- Limão - 


Ça vous est déjà arrivé de partir en vacances avec vos potes, sans vos potes ? Moi oui. On est le 15 juillet 2022. Il fait beaucoup trop chaud pour que la planète aille bien et je me sens responsable du dérèglement climatique, à courir dans les allées de l’aéroport pour ne pas rater mon vol. Terminal 2 : je cherche le contrôle de sécurité en slalomant entre les voyageurs rouges et déshydratés. Ma culpabilité s’envole petit à petit. Dans quelques heures, je serai au Portugal avec mes potes, à siroter des caïpi en terrasse. Je nous y vois déjà. Mon téléphone vibre au même moment : Anna.

“Meuf, appelle-moi quand tu vois ce message.”
Rassurant.

“Anna, t’es perdue ?
- Lou, on a un problème.
Évidemment.
- Mon test PCR est toujours positif.
Qui l'eût cru ?
- Et Victoire s’est fait tirer son portefeuille dans le métro.
Génial.
- Je l’accompagne au commissariat. Vu comme c’est parti, c’est mort pour Lisbonne… Vas-y, on te tient au courant si on peut t’y rejoindre dans la semaine, ok ?”


Alors celle-là, je ne l’avais pas vue venir.
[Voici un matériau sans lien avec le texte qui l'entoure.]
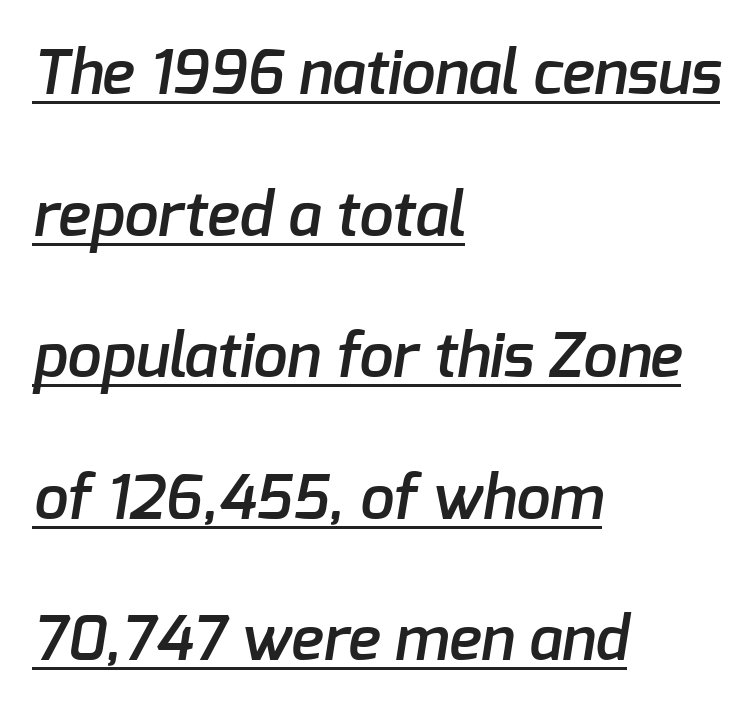
Decoration check: the copy is underlined. Letter spacing: default. A typesetter would label this face a sans. The paragraph has a hard left edge and a soft right edge.
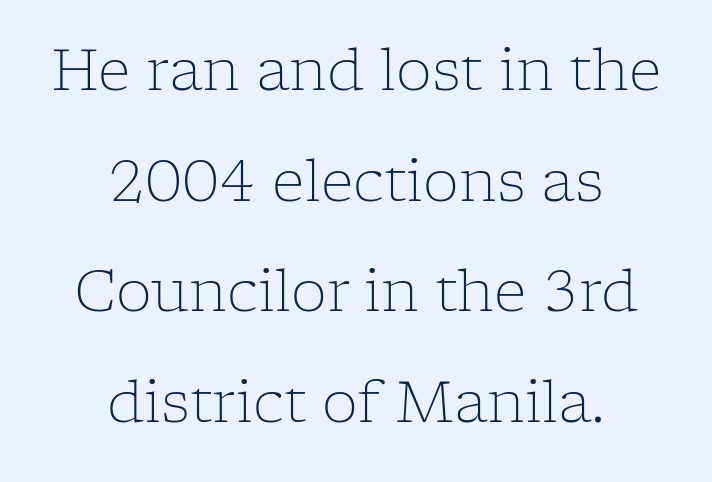
Heft: none added — not bold. If you folded the block vertically in half, each line would mirror itself in length. Characters follow at the spacing the type designer built in. Font category for this specimen: serif. Compared with typical paragraphs, the rows here are farther apart.

La file continue d’avancer autour de moi, je reste plantée là avec ma valise. Voyager SEULE. Attendez une minute, c’est quoi ce plan ?! Ce n’était pas du tout au programme ! Bien sûr, je devrais être en train de m’inquiéter pour Victoire et penser à Anna qui voit ses vacances annulées… Mais elles me plantent comme ça ?! La seule chose que je vois et qui me terrifie, c’est le gouffre au-dessus duquel je dois sauter : je vais voyager seule.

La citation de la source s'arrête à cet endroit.